Size = 100 / 2000 = 0.05 BTC.
For stocks: $AAPL at $180, stop $175. Distance $5/share. Size = 100 / 5 = 20 shares.
Python function:
def position_size(account, risk_pct, entry, stop):
risk_amount = account * (risk_pct / 100)
distance = abs(entry - stop)
size = risk_amount / distance
return size
# Example
print(position_size(10000, 1, 60000, 58000)) # 0.05 BTC
Stop-Loss Placement
Stops protect capital. Place below support, volatility-based (2x ATR), or recent swing low.
Crypto volatility high: BTC ATR(14) ~$3,000 daily. Stop = entry - 2*ATR.
Never move stops wider mid-trade. Trail them up on winners.
Example: ETH entry $3,000, ATR $150. Stop $3,000 - 300 = $2,700.
Market Masters detects chart patterns (16 types) and Elliott Waves for precise stops.
Risk-Reward Ratios
Target 1:2 or better. Risk $100 to make $200+.
Expectancy = (Win% * Avg Win) - (Loss% * Avg Loss)
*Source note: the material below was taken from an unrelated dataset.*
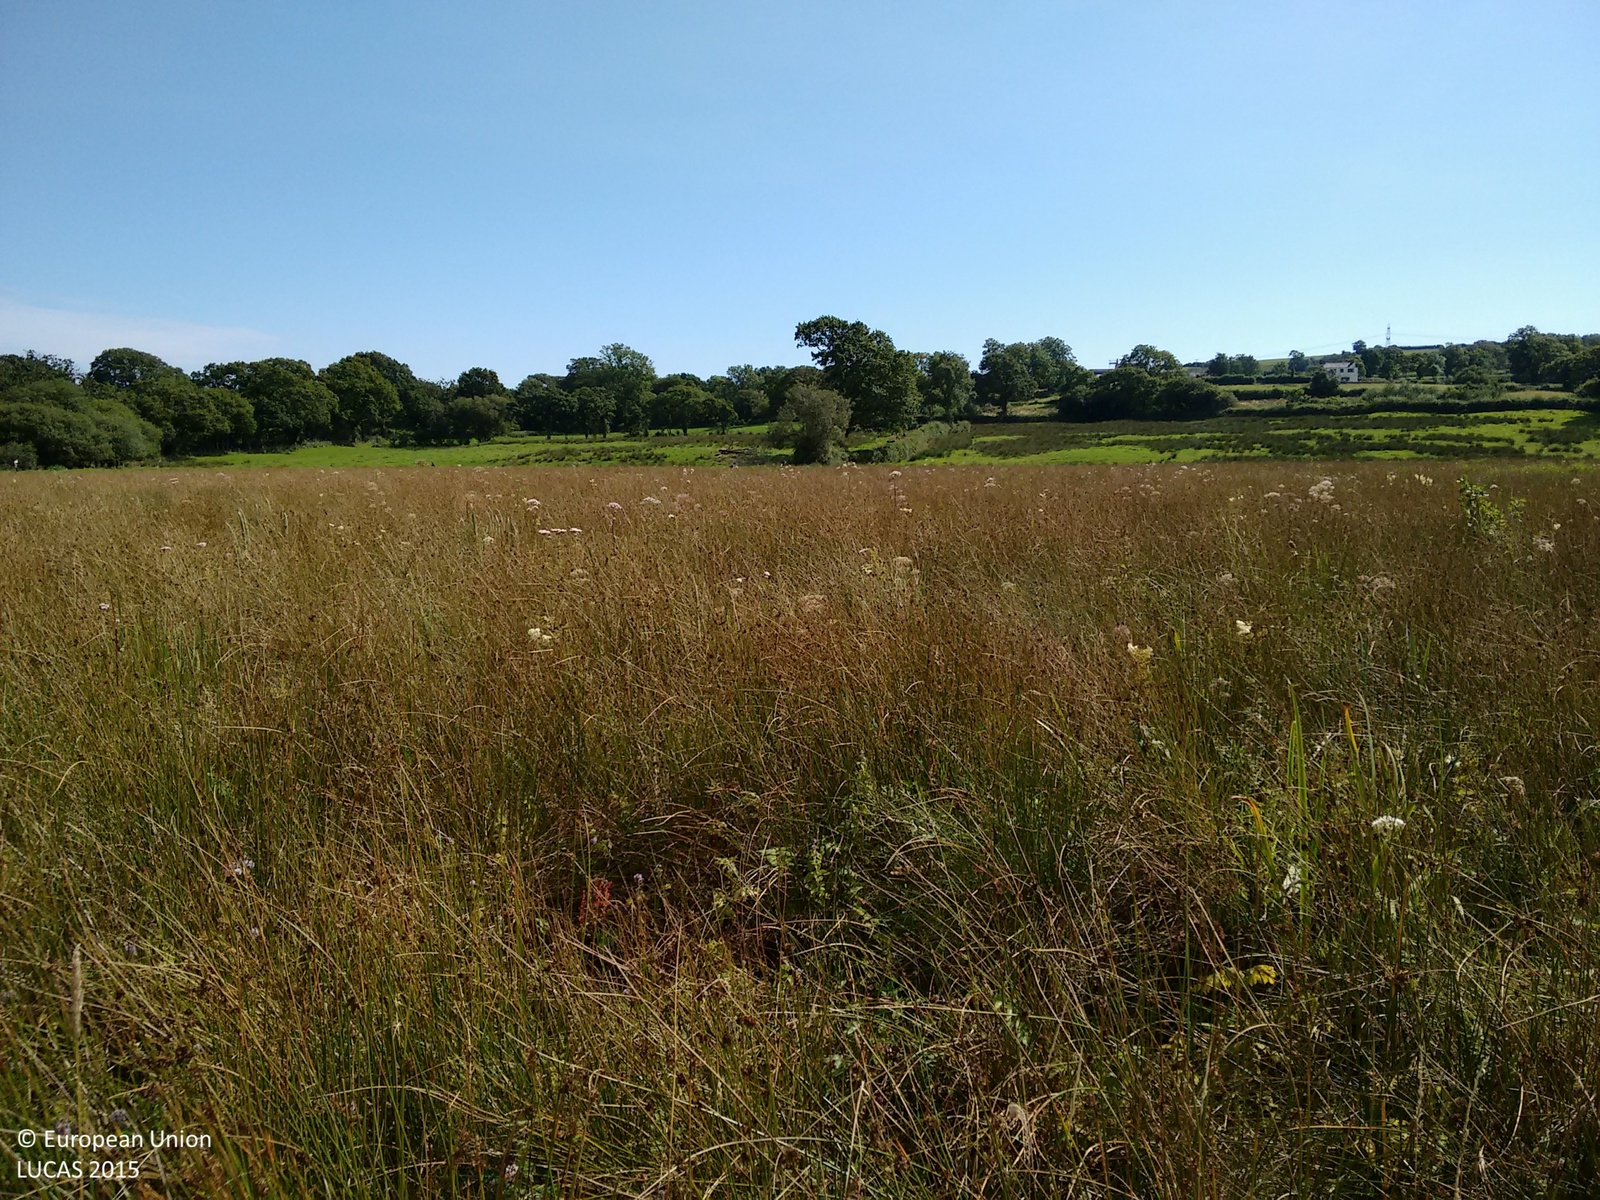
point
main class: Grassland
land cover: Grassland without tree/shrub cover
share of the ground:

1:2 ratio with 40% win rate: positive edge.
Skip trades below 1:1.5.
Kelly Criterion: Optimal Sizing
Kelly maximizes growth: f = (bp - q)/b
f = fraction to bet
b = odds (reward/risk, e.g. 2)
p = win probability
q = 1 - p
Example: p=0.55, b=2. f = (2*0.55 - 0.45)/2 = 0.325 or 32.5%. Too aggressive; use half-Kelly (16%).
Python:
def kelly_criterion(p_win, odds):
q = 1 - p_win
f = (odds * p_win - q) / odds
return max(0, f) # No shorts
def half_kelly(p_win, odds):
return kelly_criterion(p_win, odds) / 2
# Backtest edge first
print(half_kelly(0.55, 2)) # 0.1625 -> 1.625% risk
Integrate with backtests. Market Masters Orion AI gives p_win estimates from historical setups.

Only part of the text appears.